Items listed in a dataset:
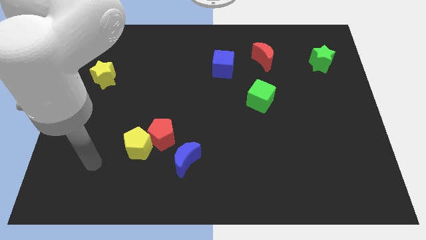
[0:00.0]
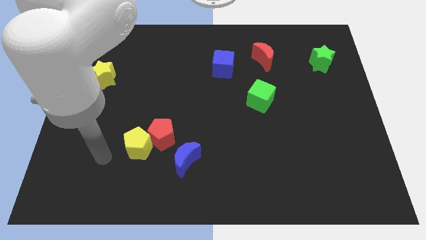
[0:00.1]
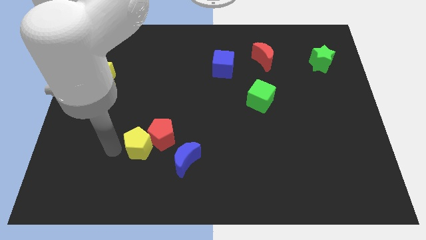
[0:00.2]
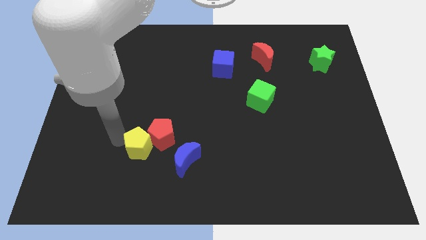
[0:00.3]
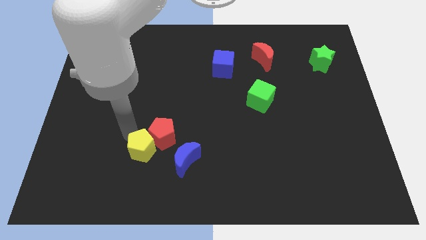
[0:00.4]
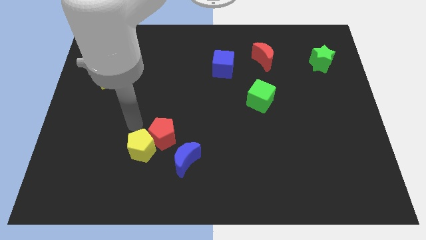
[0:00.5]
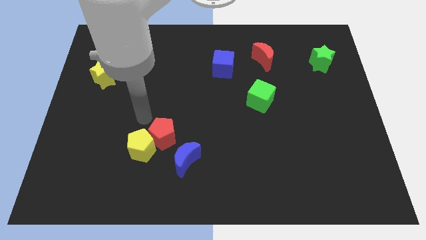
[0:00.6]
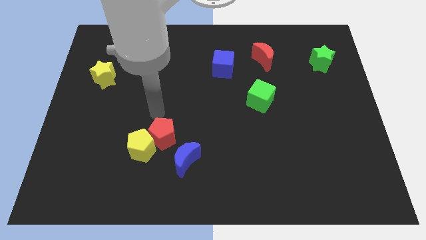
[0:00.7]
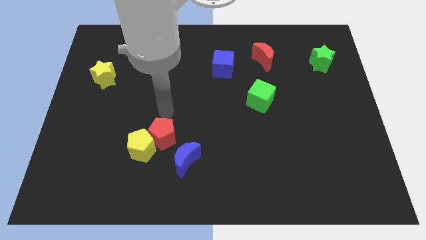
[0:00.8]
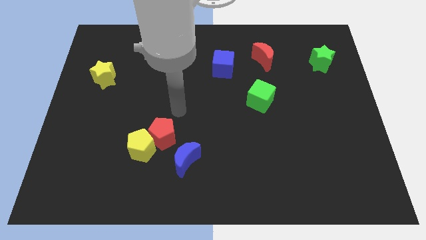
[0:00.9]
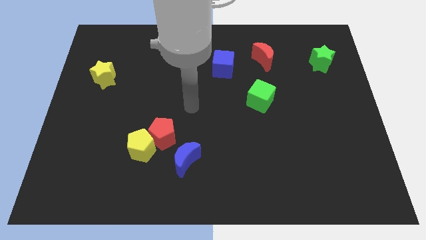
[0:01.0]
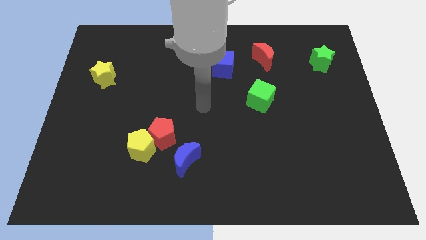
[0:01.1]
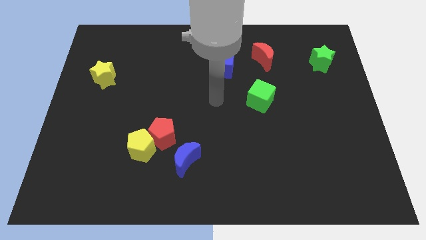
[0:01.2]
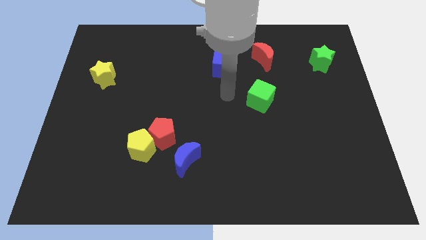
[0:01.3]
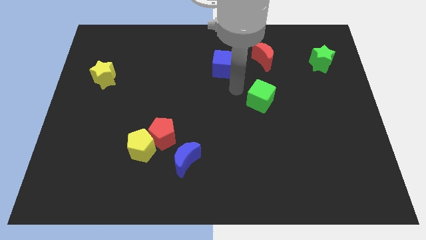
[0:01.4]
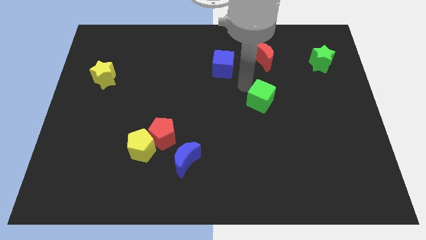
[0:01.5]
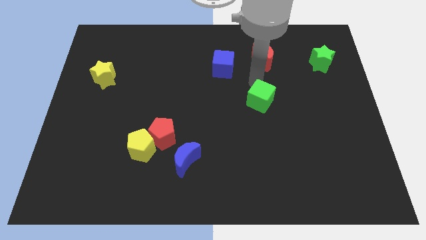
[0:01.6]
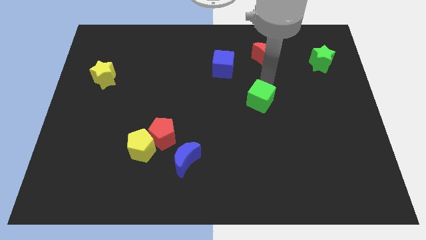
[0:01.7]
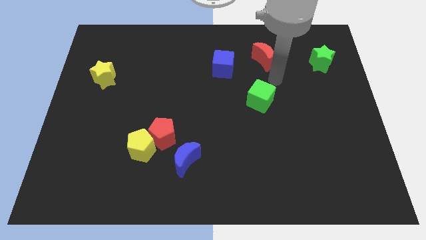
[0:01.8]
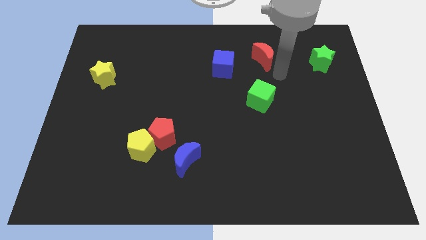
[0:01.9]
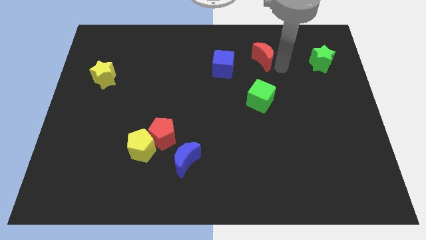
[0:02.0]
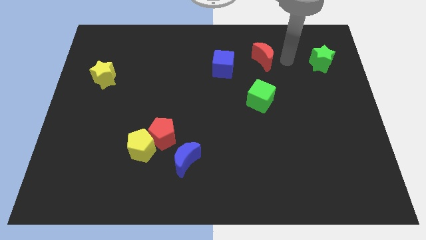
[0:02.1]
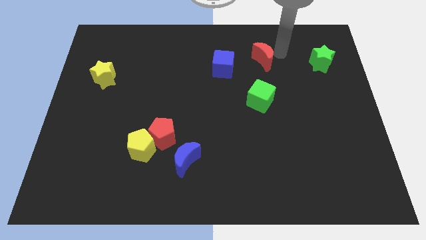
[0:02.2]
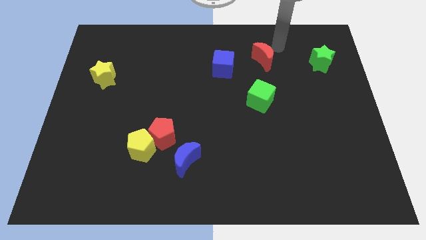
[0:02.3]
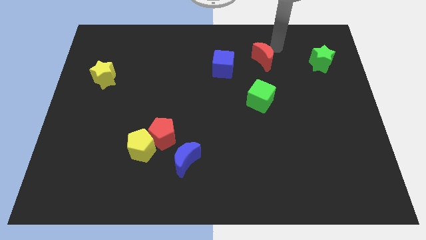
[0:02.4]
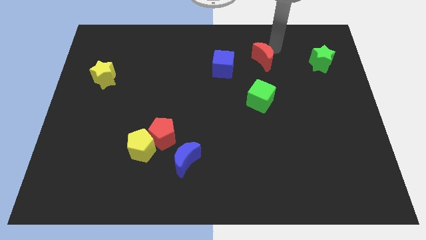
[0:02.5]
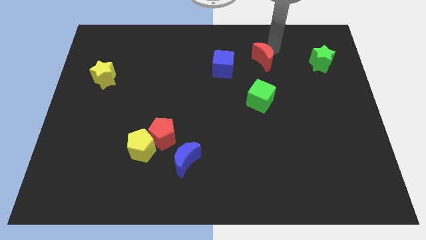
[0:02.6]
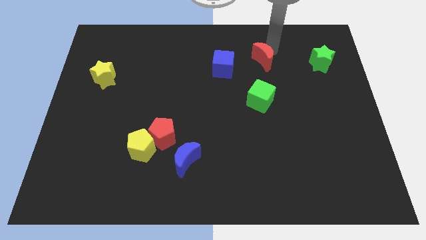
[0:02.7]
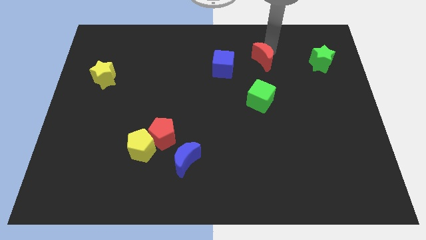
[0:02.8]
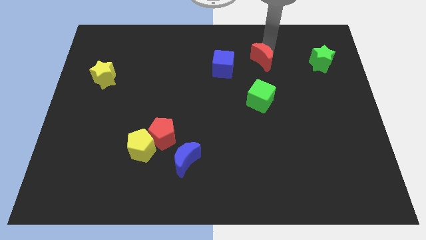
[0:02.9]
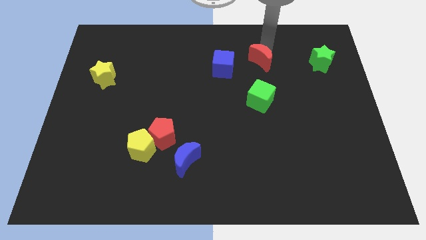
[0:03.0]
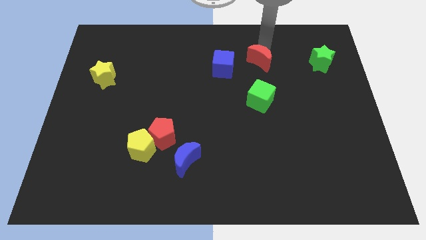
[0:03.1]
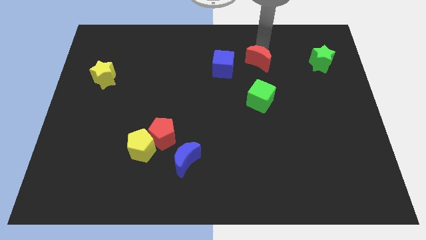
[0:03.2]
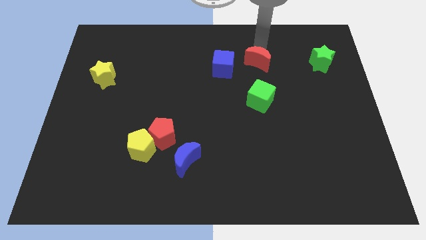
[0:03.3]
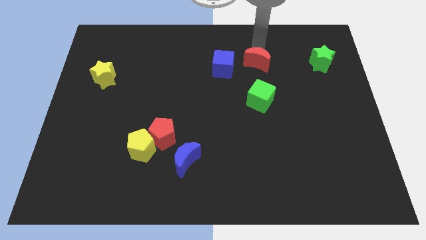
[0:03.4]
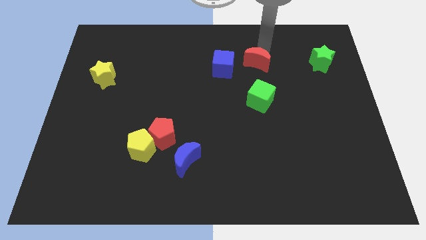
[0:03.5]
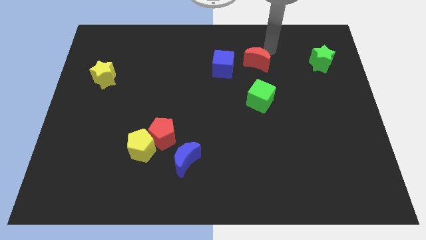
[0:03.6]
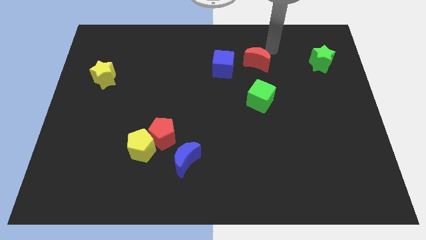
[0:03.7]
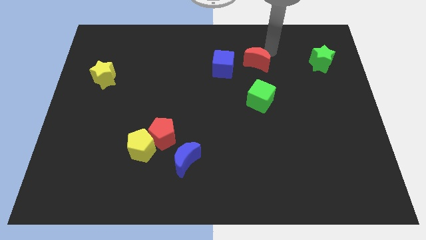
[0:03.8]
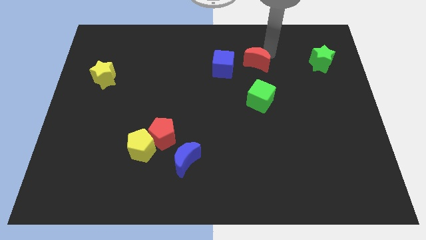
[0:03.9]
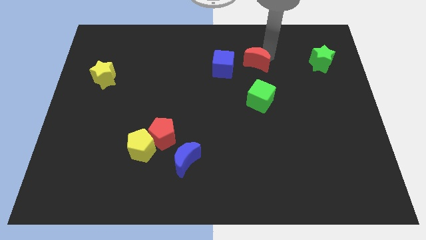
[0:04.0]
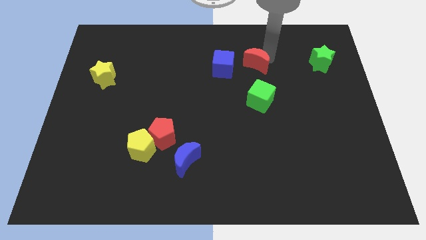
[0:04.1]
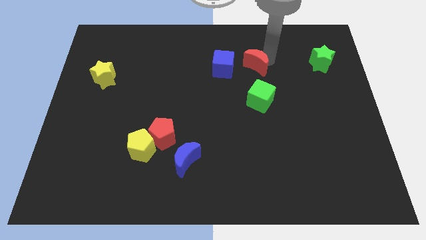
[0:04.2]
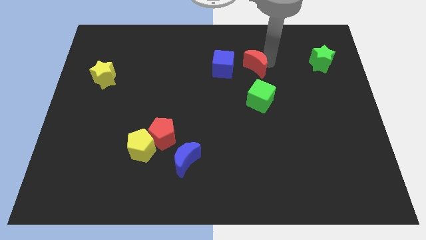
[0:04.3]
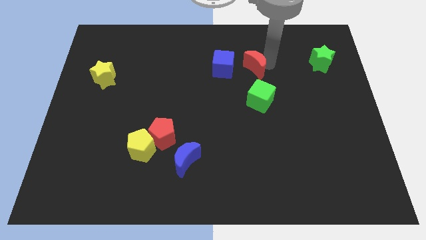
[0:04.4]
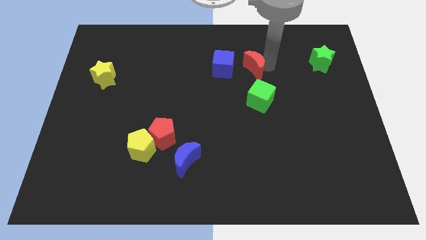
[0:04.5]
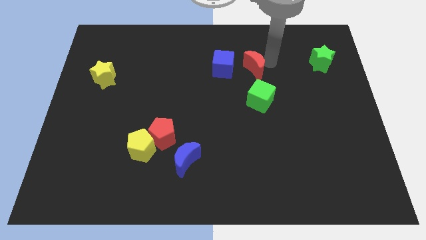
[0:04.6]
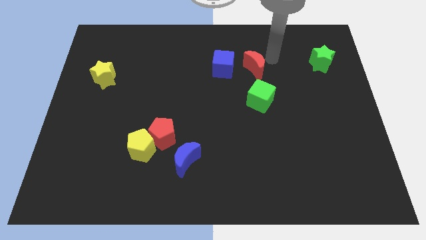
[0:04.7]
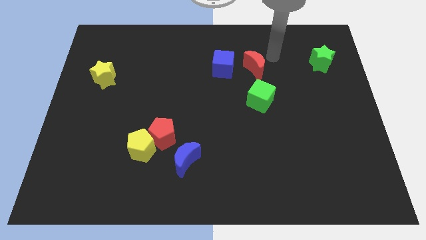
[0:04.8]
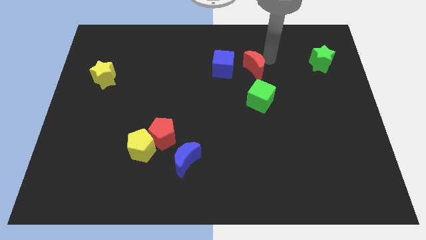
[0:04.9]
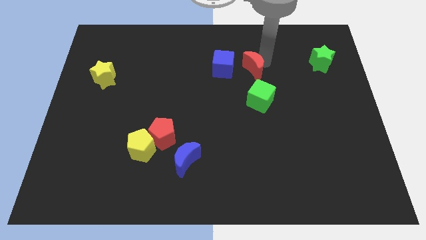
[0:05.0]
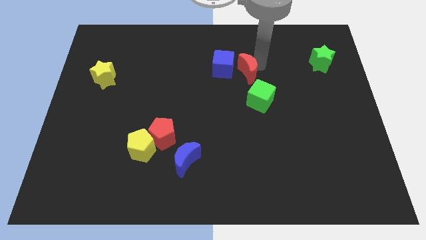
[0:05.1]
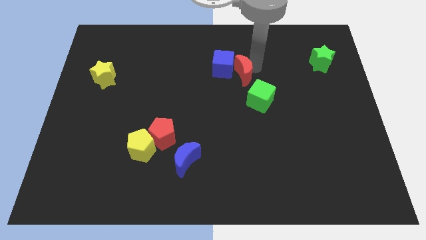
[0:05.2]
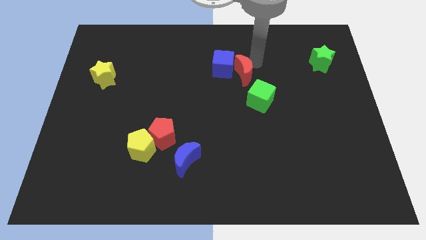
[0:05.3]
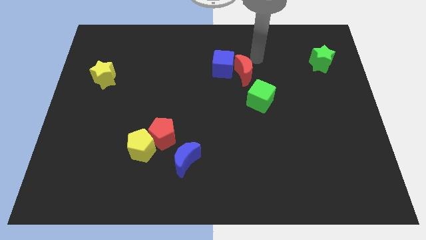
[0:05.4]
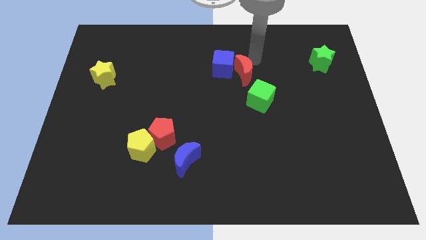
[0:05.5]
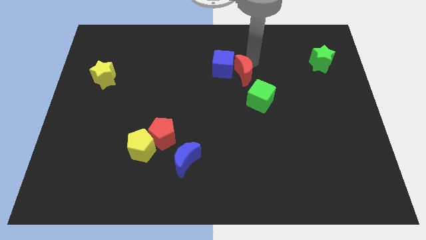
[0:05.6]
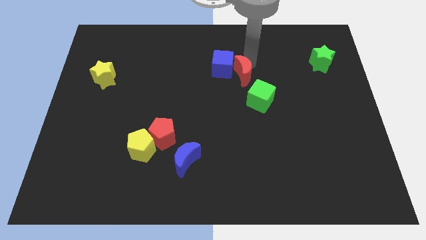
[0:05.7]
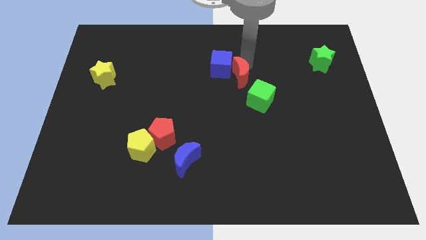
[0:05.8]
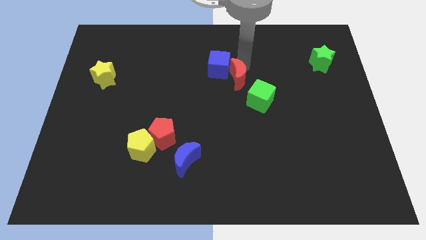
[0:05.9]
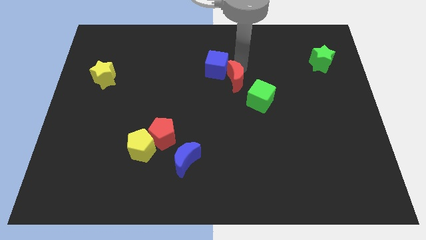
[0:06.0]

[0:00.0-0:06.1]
put the red moon to the bottom of the blue cube

Instructions to follow: Could every entry be restated word for word, pictures excluded?

Written answer:
[0:00.0]
[0:00.1]
[0:00.2]
[0:00.3]
[0:00.4]
[0:00.5]
[0:00.6]
[0:00.7]
[0:00.8]
[0:00.9]
[0:01.0]
[0:01.1]
[0:01.2]
[0:01.3]
[0:01.4]
[0:01.5]
[0:01.6]
[0:01.7]
[0:01.8]
[0:01.9]
[0:02.0]
[0:02.1]
[0:02.2]
[0:02.3]
[0:02.4]
[0:02.5]
[0:02.6]
[0:02.7]
[0:02.8]
[0:02.9]
[0:03.0]
[0:03.1]
[0:03.2]
[0:03.3]
[0:03.4]
[0:03.5]
[0:03.6]
[0:03.7]
[0:03.8]
[0:03.9]
[0:04.0]
[0:04.1]
[0:04.2]
[0:04.3]
[0:04.4]
[0:04.5]
[0:04.6]
[0:04.7]
[0:04.8]
[0:04.9]
[0:05.0]
[0:05.1]
[0:05.2]
[0:05.3]
[0:05.4]
[0:05.5]
[0:05.6]
[0:05.7]
[0:05.8]
[0:05.9]
[0:06.0]

[0:00.0-0:06.1]
put the red moon to the bottom of the blue cube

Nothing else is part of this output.